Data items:
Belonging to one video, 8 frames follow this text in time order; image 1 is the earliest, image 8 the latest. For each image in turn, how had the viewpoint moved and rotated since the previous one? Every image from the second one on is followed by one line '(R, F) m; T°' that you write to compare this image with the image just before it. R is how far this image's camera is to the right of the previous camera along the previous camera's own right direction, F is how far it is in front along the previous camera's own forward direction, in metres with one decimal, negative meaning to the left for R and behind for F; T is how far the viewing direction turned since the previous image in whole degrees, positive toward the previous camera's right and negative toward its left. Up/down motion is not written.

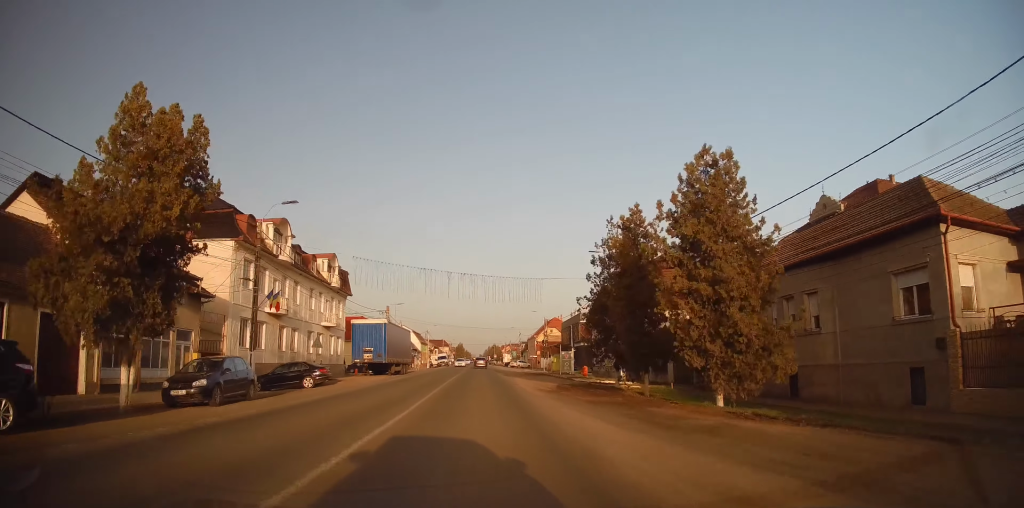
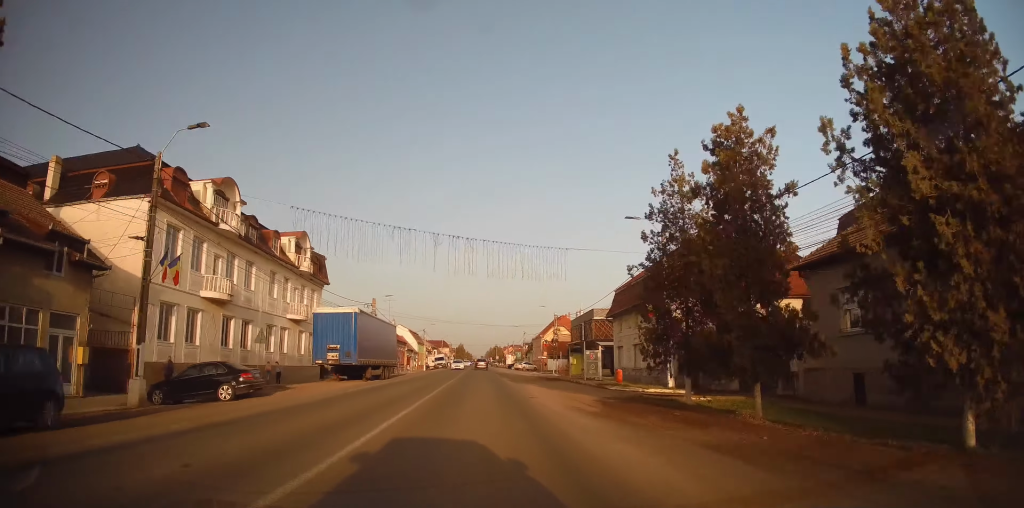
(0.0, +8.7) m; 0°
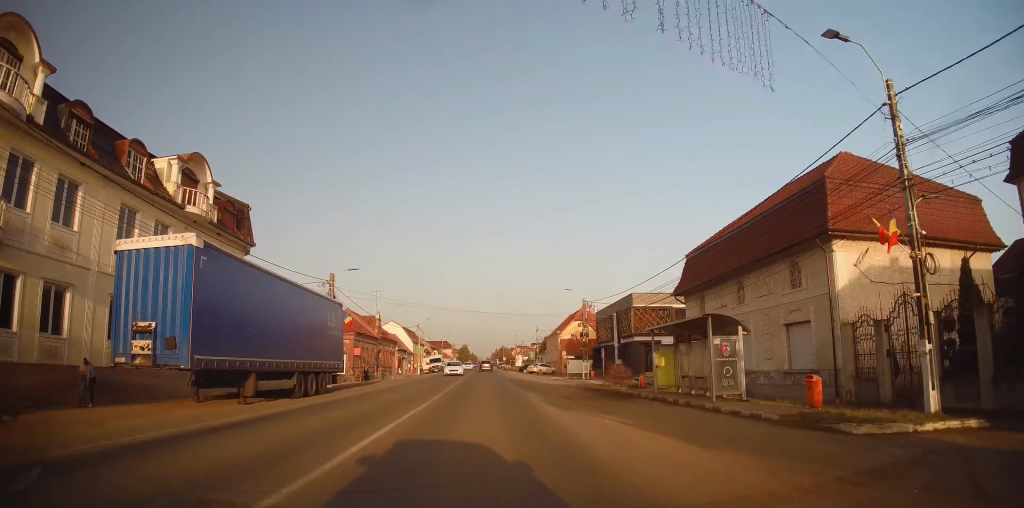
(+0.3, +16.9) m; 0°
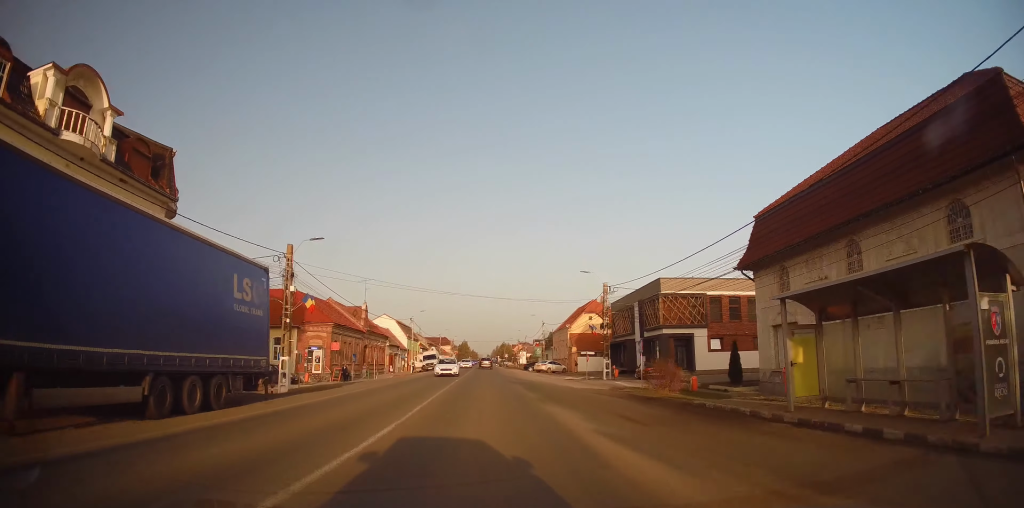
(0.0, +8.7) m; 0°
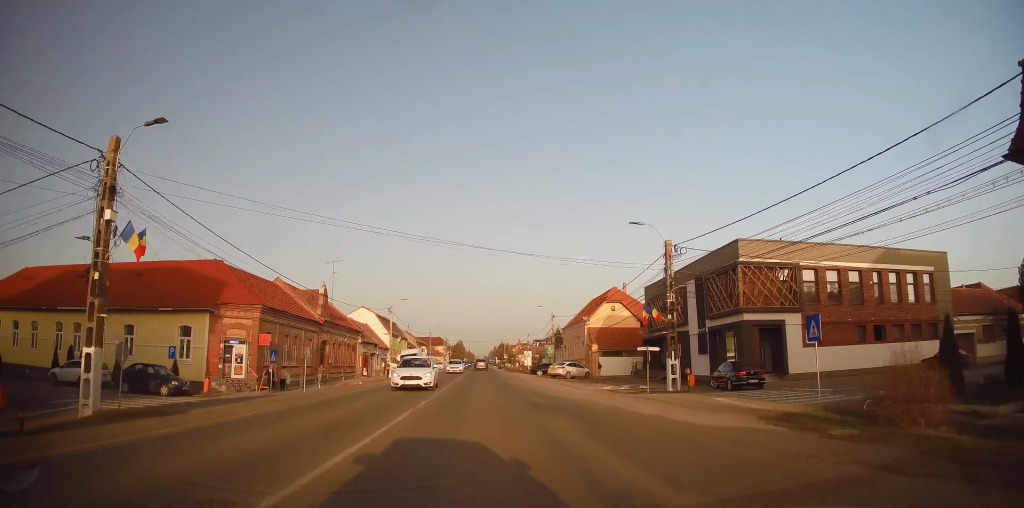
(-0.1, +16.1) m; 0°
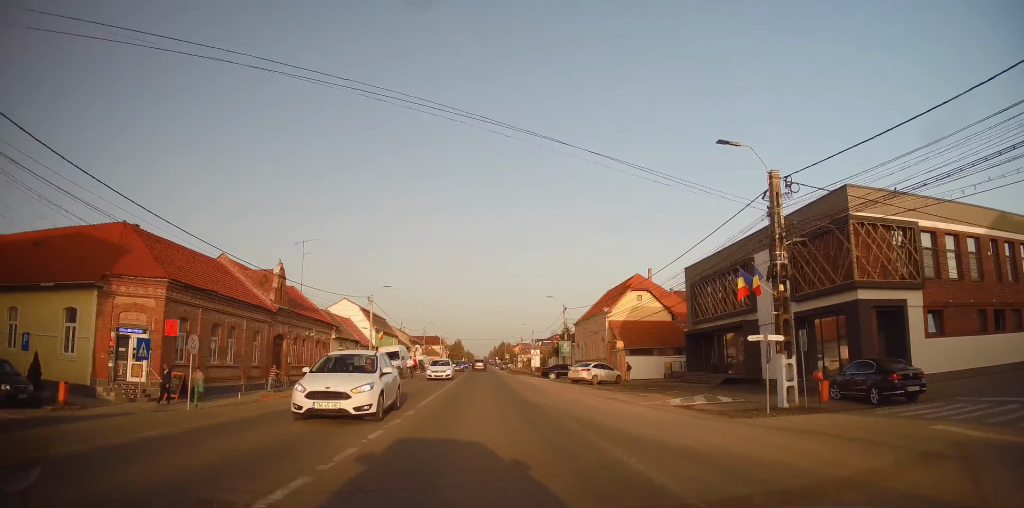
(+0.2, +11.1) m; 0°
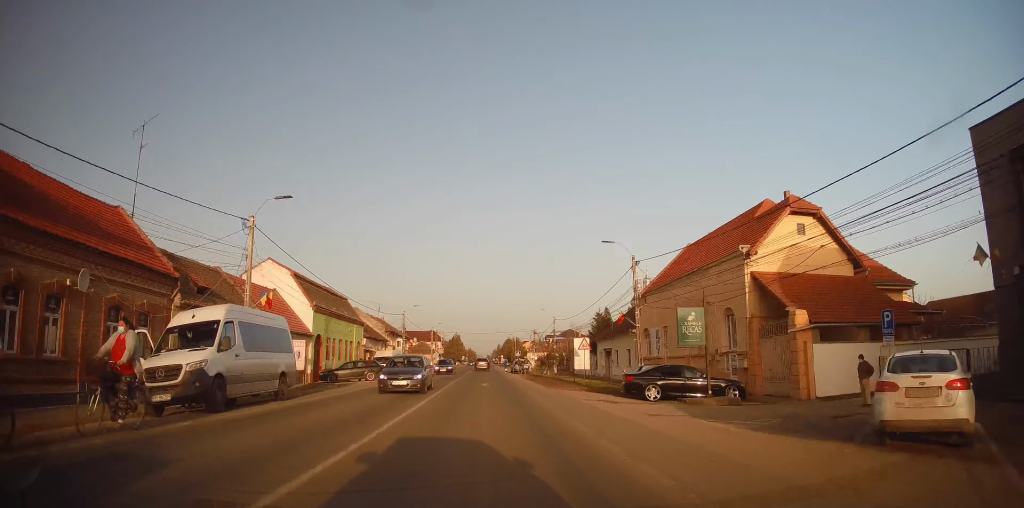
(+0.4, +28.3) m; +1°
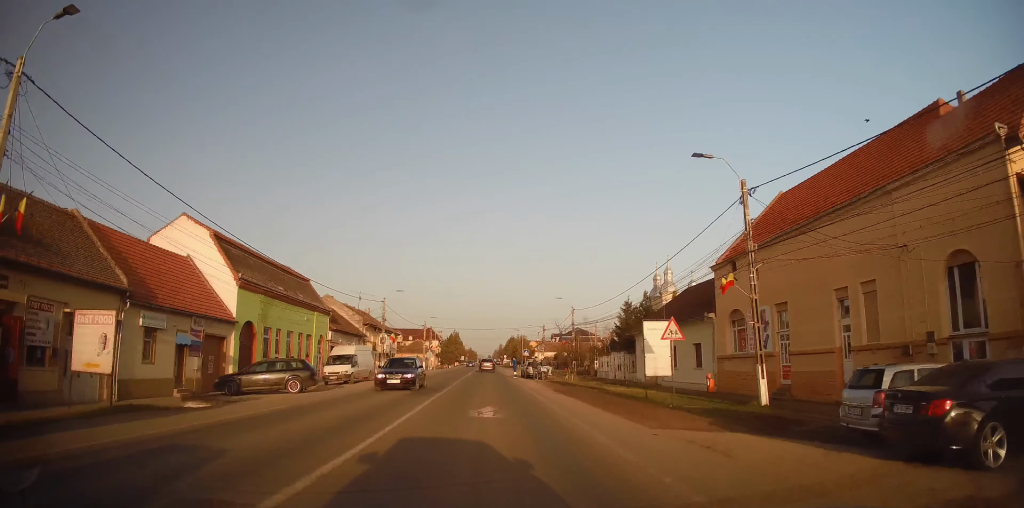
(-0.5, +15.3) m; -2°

Instructions to follow: Each line of the data above is to be output exactly; the pictures are not to appear.

Exercise output:
Belonging to one video, 8 frames follow this text in time order; image 1 is the earliest, image 8 the latest. For each image in turn, how had the viewpoint moved and rotated since the previous one? Every image from the second one on is followed by one line '(R, F) m; T°' that you write to compare this image with the image just before it. R is how far this image's camera is to the right of the previous camera along the previous camera's own right direction, F is how far it is in front along the previous camera's own forward direction, in metres with one decimal, negative meaning to the left for R and behind for F; T is how far the viewing direction turned since the previous image in whole degrees, positive toward the previous camera's right and negative toward its left. Up/down motion is not written.

(0.0, +8.7) m; 0°
(+0.3, +16.9) m; 0°
(0.0, +8.7) m; 0°
(-0.1, +16.1) m; 0°
(+0.2, +11.1) m; 0°
(+0.4, +28.3) m; +1°
(-0.5, +15.3) m; -2°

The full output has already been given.